Transfer and Resale Restrictions
            We intend to sell shares of our Common Stock in private offerings in the United States under the exemption provided by Section 4(a)(2) of the Securities Act of 1933, as amended (the “Securities Act”) and Regulation D promulgated thereunder, Regulation S under the Securities Act and other exemptions from the registration requirements of the Securities Act. Investors who acquire shares of Common Stock in such private offerings are required to complete, execute and deliver a subscription agreement (“Subscription Agreement”) and related documentation, which includes customary representations and warranties, certain covenants and restrictions and indemnification provisions. Additionally, such investors may be required to provide due diligence information to us for compliance with certain legal requirements. We may, from time to time, engage offering or distribution agents and incur offering or distribution fees or sales commissions in connection with any private offerings of shares of our Common Stock in certain jurisdictions outside the United States. The cost of any such offering or distribution fees may be borne by an affiliate of MS Capital Partners Adviser Inc., our investment adviser (the “Adviser”). We will not incur any such fees or commissions if our net proceeds received upon a sale of shares of our Common Stock after such costs would be less than the net asset value per share.
            Prior to any quotation or listing of our securities on a national securities exchange, including through an initial public offering (an “Exchange Listing”), or other liquidity event, no transfer of our investors’ Capital Commitments or all or any portion of our investors’ shares of Common Stock may be made without (a) registration of the transfer on our books and (b) our prior written consent, which may be given or withheld in our sole discretion for any or no reason.
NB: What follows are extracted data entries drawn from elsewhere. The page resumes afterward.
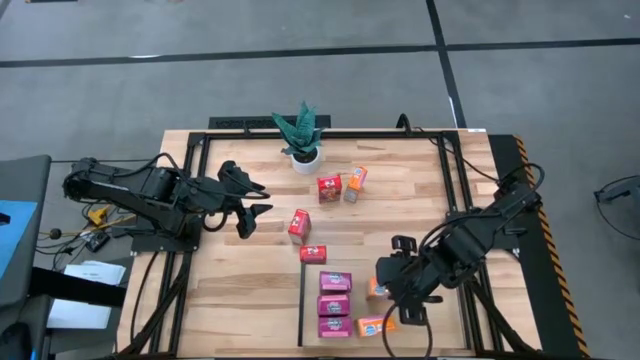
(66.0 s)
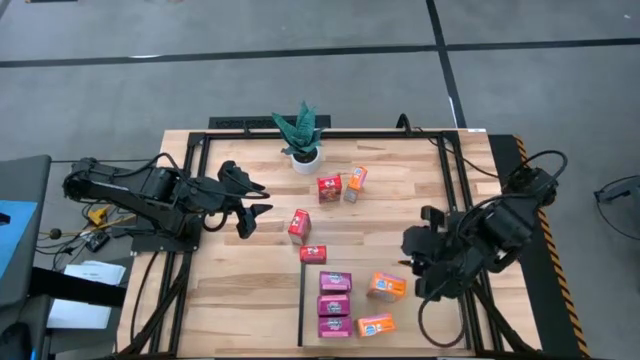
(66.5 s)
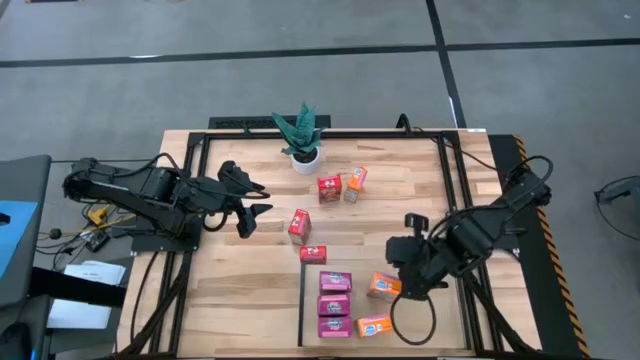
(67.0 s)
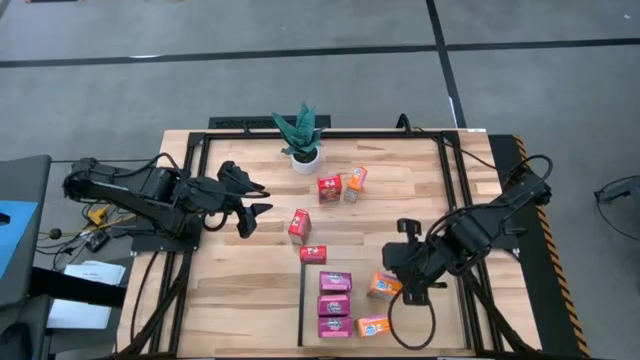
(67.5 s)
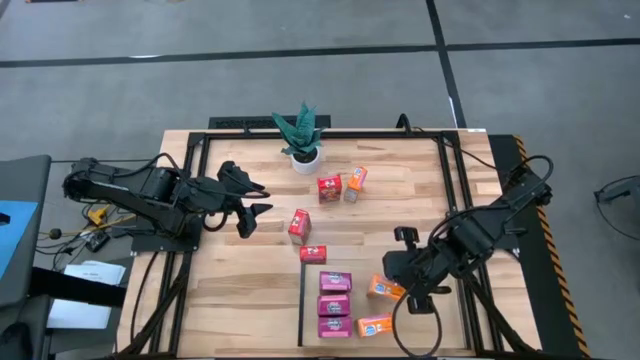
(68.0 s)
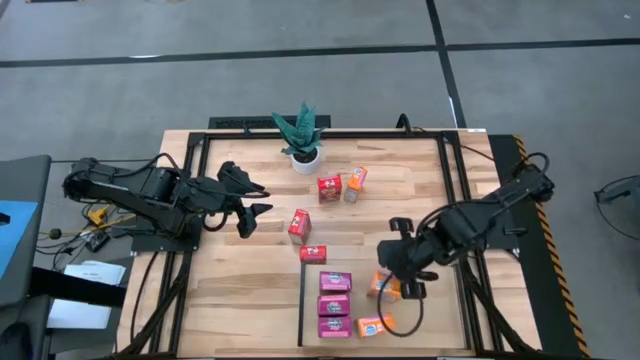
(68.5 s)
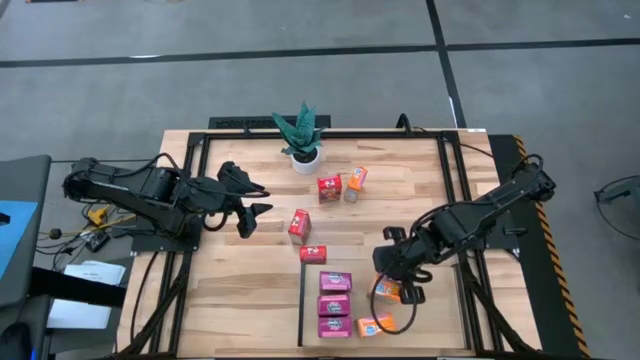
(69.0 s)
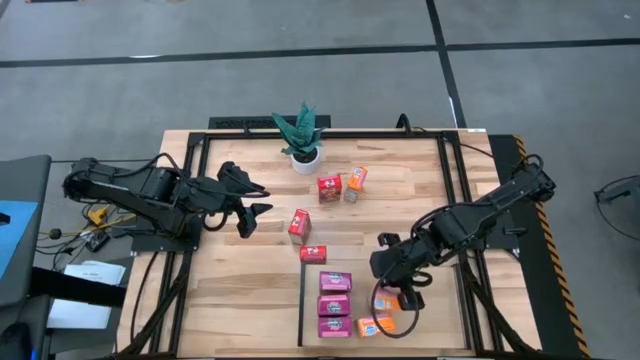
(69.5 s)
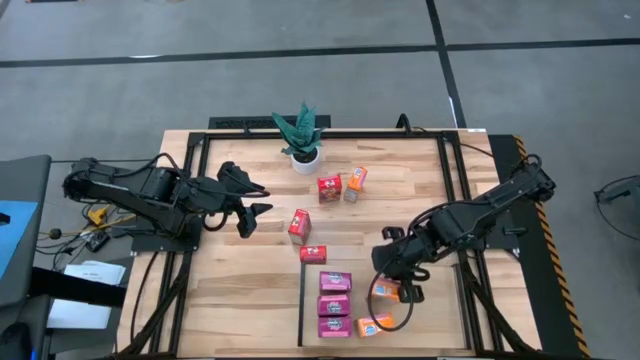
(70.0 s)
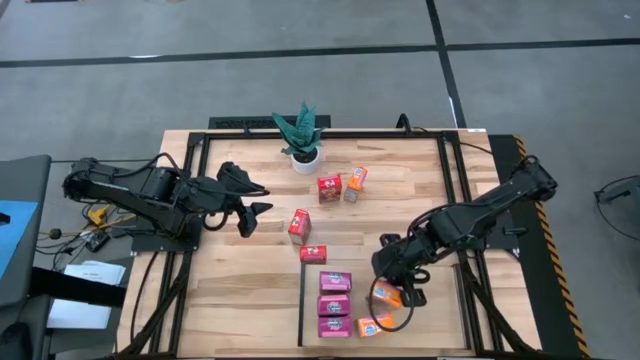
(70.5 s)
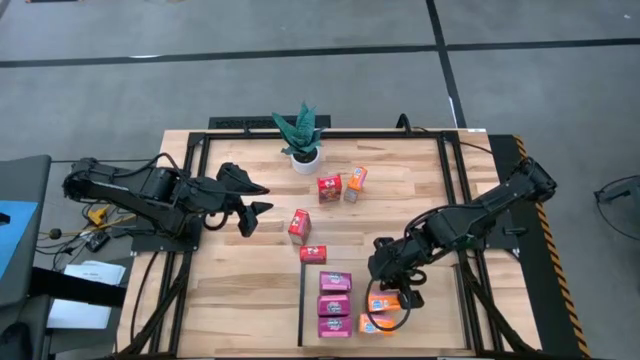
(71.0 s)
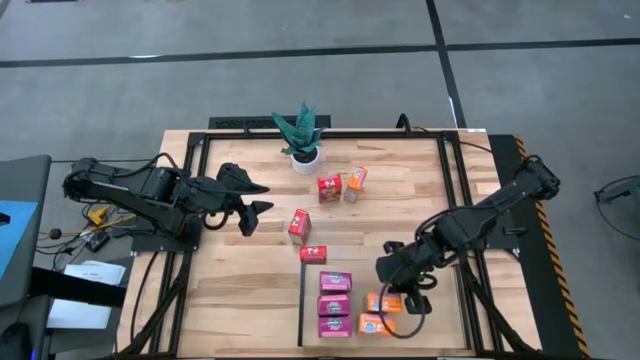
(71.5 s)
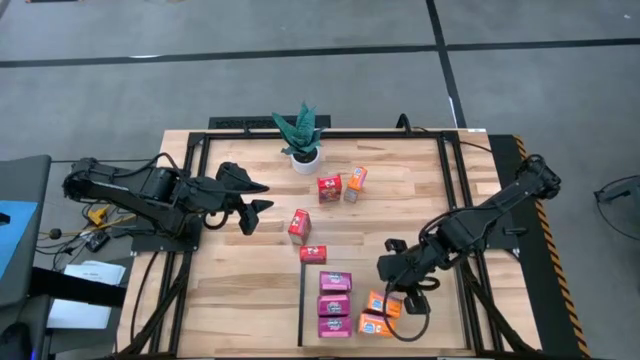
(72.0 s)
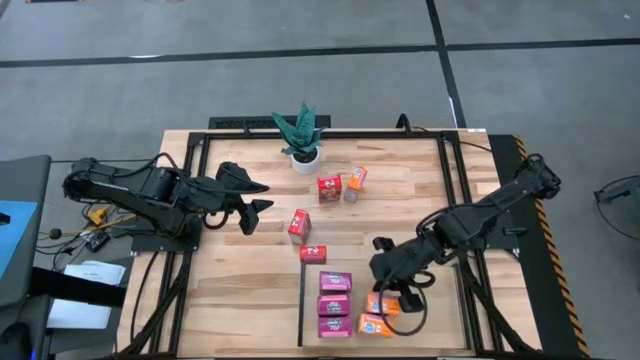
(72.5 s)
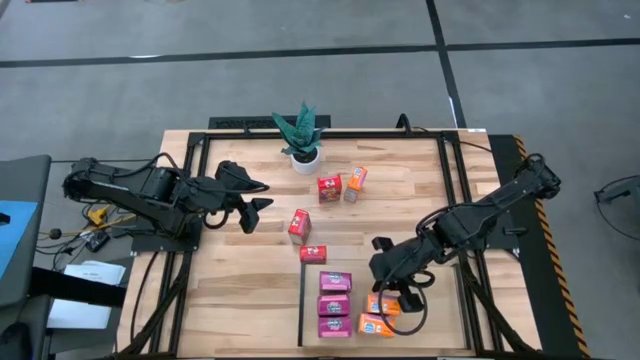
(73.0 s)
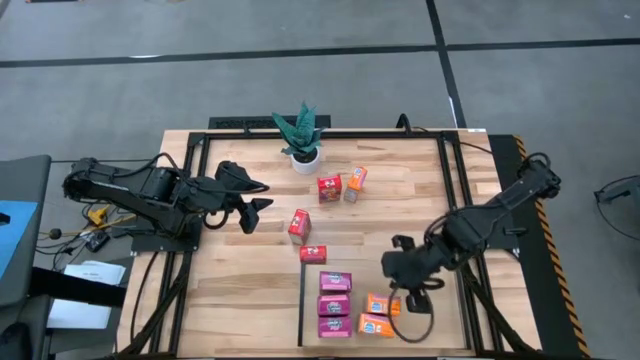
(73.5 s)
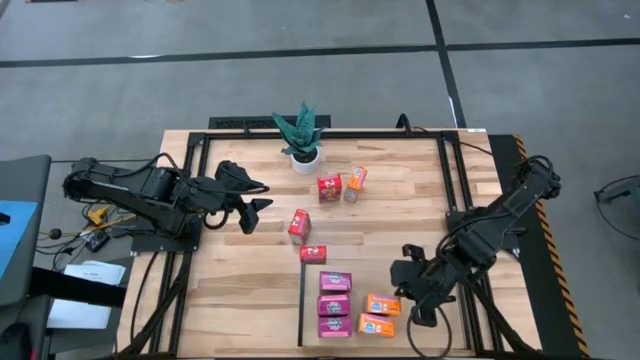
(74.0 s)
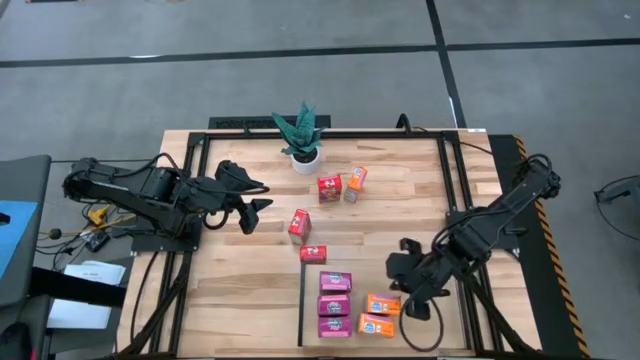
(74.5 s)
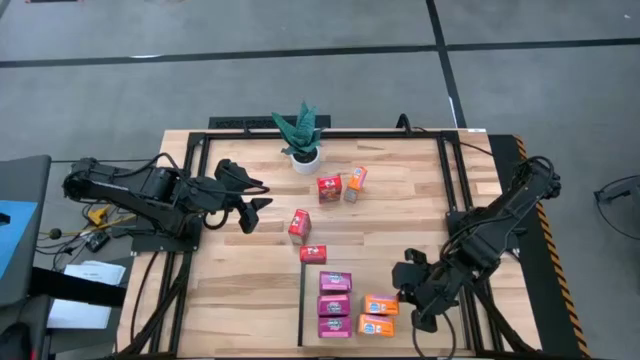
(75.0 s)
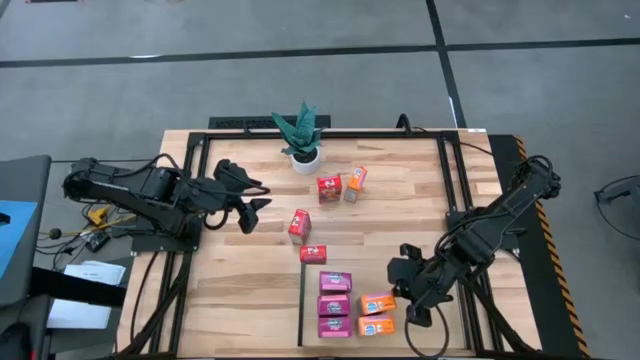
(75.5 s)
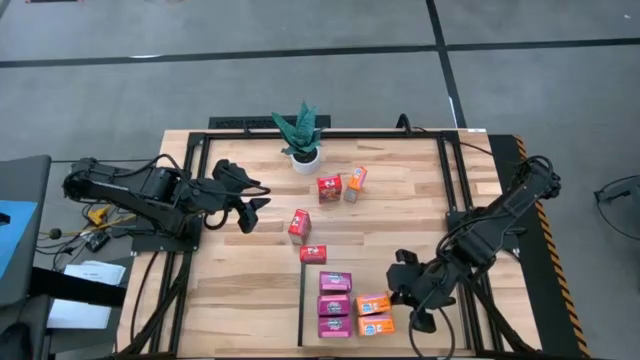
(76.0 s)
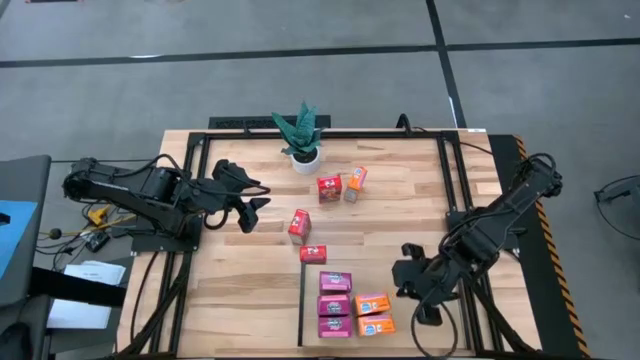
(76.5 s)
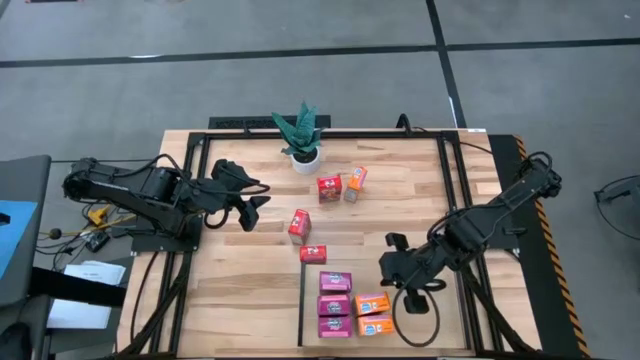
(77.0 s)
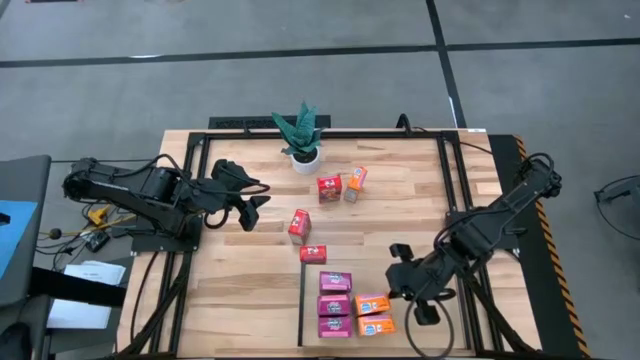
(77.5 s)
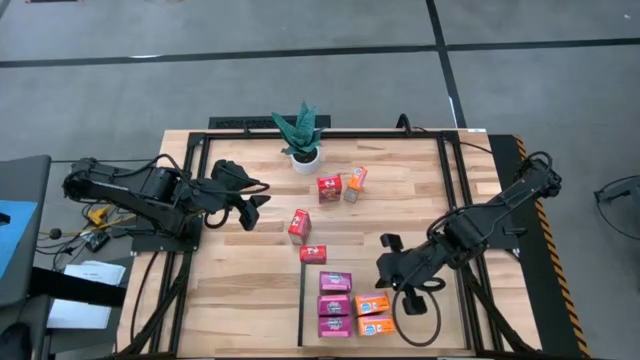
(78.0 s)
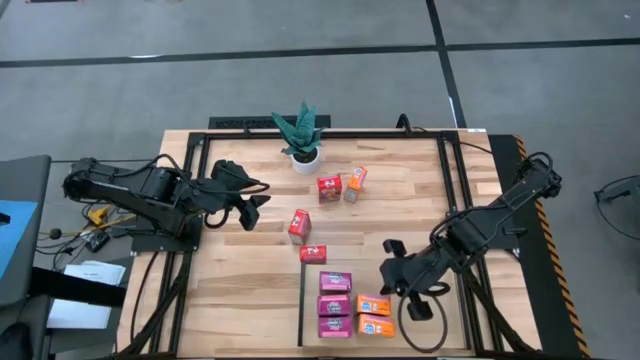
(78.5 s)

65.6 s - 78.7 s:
Task: Stack cereal on shelf
Put the orange cereal box on the shelf

In any event, our consent may be withheld including, without limitation (1) if the creditworthiness of the proposed transferee, as determined by us in our sole discretion, is not sufficient to satisfy all obligations under the Subscription Agreement or (2) unless, in the opinion of counsel (who may be counsel for the Company) satisfactory in form and substance to us:
such transfer would not violate the Securities Act or any state (or other jurisdiction) securities or “blue sky” laws applicable to us or the shares to be transferred; and
in the case of a transfer to:
o
an “employee benefit plan” as defined in Section 3(3) of the Employee Retirement Income Security Act of 1974, as amended (“ERISA”), that is subject to the fiduciary responsibility provisions of Title I of ERISA;
o
a “plan” described in Section 4975(e)(1) of the Internal Revenue Code of 1986, as amended (the “Code”), that is subject to Section 4975 of the Code;
o
an entity that is, or is deemed to be, using (for purposes of ERISA or Section 4975 of the Code) “plan assets” to purchase or hold its investments; or
o
a person (including an entity) that has discretionary authority or control with respect to our assets or a person who provides investment advice with respect to our assets or an “affiliate” of such person, such transfer would not be a non-exempt “prohibited transaction” under ERISA or Section 4975 of the Code or cause all or any portion of our assets to constitute “plan assets” under ERISA or Section 4975 of the Code.
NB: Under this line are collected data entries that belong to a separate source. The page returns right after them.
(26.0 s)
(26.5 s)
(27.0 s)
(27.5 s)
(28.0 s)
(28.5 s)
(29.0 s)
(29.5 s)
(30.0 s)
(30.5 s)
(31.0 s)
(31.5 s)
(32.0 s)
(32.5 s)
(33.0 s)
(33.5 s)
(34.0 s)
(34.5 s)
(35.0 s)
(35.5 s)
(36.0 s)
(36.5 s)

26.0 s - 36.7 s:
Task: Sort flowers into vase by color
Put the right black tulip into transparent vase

Any person that acquires all or any portion of the shares of our Common Stock of an investor in a transfer permitted under the Subscription Agreement is obligated to pay to us the appropriate portion of any amounts thereafter becoming due in respect of the Capital Commitment committed to be made by its predecessor in interest. Notwithstanding the transfer of all or any fraction of its shares of Common Stock, as between an investor and us, the investor will remain liable for their Capital Commitments prior to the time, if any, when the purchaser, assignee or transferee of such shares, or fraction thereof, becomes a holder of such shares.
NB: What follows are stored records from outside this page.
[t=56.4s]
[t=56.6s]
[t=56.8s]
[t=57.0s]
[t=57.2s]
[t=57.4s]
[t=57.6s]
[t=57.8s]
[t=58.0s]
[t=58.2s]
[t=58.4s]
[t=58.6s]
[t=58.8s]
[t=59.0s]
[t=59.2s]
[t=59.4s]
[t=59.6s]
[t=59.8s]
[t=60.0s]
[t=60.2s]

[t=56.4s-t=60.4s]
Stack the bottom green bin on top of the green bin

Furthermore, should there be an Exchange Listing, our stockholders will be subject to a lock-up restriction pursuant to which they will be prohibited from selling or otherwise transferring shares of our Common Stock for a certain period after the date of such event. The specific terms of such restriction and any other limitations on the sale of shares of our Common Stock in connection with or following an Exchange Listing will be agreed in advance between our Board of Directors and the Adviser, acting on behalf of our stockholders, and the institutions acting as the underwriters or market makers, acting on our behalf, in connection with such Exchange Listing. There can be no assurance that shares of our Common Stock will be listed on a national securities exchange or offered in an initial public offering.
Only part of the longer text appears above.